Task statement: Your task is to repeat the entries exactly from their first line through the line with "(0 ms to 12000 ms)", and to stop there.

The data:

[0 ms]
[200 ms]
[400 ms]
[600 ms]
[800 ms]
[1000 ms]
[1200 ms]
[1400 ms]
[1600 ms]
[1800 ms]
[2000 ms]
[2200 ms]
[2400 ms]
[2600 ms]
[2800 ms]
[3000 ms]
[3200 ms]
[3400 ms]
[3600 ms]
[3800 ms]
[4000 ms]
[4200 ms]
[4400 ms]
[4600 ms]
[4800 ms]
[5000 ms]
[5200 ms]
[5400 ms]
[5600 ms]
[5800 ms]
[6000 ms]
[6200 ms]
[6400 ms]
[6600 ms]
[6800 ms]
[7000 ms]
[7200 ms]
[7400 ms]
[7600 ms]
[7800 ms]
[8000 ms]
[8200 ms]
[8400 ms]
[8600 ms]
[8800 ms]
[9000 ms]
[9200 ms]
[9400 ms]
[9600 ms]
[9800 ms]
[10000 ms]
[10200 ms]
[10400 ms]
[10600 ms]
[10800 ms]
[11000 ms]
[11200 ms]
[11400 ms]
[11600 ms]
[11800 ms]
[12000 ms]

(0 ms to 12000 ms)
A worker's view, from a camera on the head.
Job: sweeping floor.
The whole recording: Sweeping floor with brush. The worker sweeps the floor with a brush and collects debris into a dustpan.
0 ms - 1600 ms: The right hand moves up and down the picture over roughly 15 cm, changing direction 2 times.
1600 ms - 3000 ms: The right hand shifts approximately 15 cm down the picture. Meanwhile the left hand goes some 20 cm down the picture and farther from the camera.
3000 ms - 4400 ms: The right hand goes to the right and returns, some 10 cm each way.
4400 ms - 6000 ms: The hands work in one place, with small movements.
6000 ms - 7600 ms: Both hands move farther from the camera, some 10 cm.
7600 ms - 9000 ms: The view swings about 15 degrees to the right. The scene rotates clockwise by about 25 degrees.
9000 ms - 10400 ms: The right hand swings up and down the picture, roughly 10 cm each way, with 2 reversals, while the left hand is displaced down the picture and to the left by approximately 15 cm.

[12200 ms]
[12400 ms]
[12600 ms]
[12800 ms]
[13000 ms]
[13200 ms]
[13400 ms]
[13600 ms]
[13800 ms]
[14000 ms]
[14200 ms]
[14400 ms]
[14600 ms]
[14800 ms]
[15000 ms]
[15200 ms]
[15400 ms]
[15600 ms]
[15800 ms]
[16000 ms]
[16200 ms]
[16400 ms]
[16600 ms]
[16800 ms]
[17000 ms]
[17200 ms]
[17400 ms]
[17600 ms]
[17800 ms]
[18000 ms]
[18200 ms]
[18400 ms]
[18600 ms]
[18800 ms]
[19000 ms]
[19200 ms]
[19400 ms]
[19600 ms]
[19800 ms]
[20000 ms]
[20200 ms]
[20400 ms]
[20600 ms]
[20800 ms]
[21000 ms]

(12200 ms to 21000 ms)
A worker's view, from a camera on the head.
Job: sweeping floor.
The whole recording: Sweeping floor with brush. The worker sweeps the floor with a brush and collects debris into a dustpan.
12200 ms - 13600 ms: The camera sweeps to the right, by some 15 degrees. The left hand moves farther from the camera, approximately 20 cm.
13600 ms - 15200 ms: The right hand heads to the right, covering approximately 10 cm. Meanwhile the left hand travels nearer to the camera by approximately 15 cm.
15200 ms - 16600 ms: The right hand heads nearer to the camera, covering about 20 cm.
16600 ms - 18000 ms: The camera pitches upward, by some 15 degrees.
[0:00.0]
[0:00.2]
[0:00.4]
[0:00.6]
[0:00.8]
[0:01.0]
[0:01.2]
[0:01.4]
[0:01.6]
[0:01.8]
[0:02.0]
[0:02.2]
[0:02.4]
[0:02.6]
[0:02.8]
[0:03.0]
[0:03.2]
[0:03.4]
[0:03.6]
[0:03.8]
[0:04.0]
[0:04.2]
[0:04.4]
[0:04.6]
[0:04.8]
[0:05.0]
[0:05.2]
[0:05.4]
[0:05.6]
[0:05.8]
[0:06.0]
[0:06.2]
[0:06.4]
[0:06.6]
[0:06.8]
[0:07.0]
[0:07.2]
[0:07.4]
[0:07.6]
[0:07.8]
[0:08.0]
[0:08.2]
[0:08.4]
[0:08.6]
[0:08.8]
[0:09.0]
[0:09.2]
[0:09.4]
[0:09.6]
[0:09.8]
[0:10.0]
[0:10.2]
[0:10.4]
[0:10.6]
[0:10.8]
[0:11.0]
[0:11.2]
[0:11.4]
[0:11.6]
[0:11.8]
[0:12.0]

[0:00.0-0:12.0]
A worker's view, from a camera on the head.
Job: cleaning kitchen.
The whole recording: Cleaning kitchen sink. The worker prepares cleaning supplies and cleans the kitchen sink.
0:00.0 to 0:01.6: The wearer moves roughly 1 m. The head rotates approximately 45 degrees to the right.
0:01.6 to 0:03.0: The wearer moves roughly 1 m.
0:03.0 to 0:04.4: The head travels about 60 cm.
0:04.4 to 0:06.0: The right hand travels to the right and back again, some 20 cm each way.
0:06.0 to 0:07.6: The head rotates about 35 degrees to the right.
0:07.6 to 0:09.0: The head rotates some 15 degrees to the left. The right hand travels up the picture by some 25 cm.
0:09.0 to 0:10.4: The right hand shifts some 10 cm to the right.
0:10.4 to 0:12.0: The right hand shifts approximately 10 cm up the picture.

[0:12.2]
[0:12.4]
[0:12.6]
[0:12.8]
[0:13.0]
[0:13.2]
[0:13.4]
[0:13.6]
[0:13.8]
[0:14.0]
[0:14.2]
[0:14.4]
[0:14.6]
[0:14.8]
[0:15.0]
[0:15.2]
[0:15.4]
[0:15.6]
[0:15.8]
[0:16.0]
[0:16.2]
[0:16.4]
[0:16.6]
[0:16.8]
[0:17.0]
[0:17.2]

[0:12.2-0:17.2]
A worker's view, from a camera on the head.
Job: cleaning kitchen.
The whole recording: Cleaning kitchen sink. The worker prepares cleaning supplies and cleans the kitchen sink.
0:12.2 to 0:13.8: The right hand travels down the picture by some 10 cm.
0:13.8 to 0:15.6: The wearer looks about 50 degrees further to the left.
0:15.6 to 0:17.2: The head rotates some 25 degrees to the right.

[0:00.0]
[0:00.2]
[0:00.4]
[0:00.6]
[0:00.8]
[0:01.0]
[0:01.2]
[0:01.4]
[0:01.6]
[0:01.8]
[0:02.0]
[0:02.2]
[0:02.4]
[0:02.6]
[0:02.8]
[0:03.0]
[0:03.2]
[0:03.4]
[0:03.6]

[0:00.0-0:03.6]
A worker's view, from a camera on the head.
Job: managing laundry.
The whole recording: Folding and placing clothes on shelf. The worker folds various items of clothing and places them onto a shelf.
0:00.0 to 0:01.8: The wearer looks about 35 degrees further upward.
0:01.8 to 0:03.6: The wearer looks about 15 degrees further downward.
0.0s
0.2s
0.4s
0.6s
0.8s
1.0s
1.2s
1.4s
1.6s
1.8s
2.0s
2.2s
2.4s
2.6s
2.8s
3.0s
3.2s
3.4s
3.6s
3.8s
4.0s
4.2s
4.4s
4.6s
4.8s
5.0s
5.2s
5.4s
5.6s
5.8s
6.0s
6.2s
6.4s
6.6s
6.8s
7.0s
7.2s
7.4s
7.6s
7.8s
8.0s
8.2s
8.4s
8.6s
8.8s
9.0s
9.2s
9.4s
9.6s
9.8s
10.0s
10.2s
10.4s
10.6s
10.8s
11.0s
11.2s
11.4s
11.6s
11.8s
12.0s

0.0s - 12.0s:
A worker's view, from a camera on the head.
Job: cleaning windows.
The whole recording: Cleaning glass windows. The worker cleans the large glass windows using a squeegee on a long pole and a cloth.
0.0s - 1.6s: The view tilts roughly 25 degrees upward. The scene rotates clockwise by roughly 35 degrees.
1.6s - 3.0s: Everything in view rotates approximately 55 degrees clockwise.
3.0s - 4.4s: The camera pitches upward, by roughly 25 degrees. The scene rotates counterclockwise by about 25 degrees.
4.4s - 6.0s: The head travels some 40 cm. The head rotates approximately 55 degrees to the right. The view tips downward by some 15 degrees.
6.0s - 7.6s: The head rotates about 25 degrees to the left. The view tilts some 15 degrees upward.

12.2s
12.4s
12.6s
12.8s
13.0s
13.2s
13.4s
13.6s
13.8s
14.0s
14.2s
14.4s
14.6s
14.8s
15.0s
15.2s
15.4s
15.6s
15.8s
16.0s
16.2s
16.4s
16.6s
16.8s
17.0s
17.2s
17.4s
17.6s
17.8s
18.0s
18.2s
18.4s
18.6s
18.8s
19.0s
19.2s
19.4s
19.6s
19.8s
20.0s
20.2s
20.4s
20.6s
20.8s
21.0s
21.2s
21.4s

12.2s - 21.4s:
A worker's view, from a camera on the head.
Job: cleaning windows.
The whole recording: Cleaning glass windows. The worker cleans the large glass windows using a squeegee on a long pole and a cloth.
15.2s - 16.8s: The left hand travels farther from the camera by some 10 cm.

Exercise answer:
[0 ms]
[200 ms]
[400 ms]
[600 ms]
[800 ms]
[1000 ms]
[1200 ms]
[1400 ms]
[1600 ms]
[1800 ms]
[2000 ms]
[2200 ms]
[2400 ms]
[2600 ms]
[2800 ms]
[3000 ms]
[3200 ms]
[3400 ms]
[3600 ms]
[3800 ms]
[4000 ms]
[4200 ms]
[4400 ms]
[4600 ms]
[4800 ms]
[5000 ms]
[5200 ms]
[5400 ms]
[5600 ms]
[5800 ms]
[6000 ms]
[6200 ms]
[6400 ms]
[6600 ms]
[6800 ms]
[7000 ms]
[7200 ms]
[7400 ms]
[7600 ms]
[7800 ms]
[8000 ms]
[8200 ms]
[8400 ms]
[8600 ms]
[8800 ms]
[9000 ms]
[9200 ms]
[9400 ms]
[9600 ms]
[9800 ms]
[10000 ms]
[10200 ms]
[10400 ms]
[10600 ms]
[10800 ms]
[11000 ms]
[11200 ms]
[11400 ms]
[11600 ms]
[11800 ms]
[12000 ms]

(0 ms to 12000 ms)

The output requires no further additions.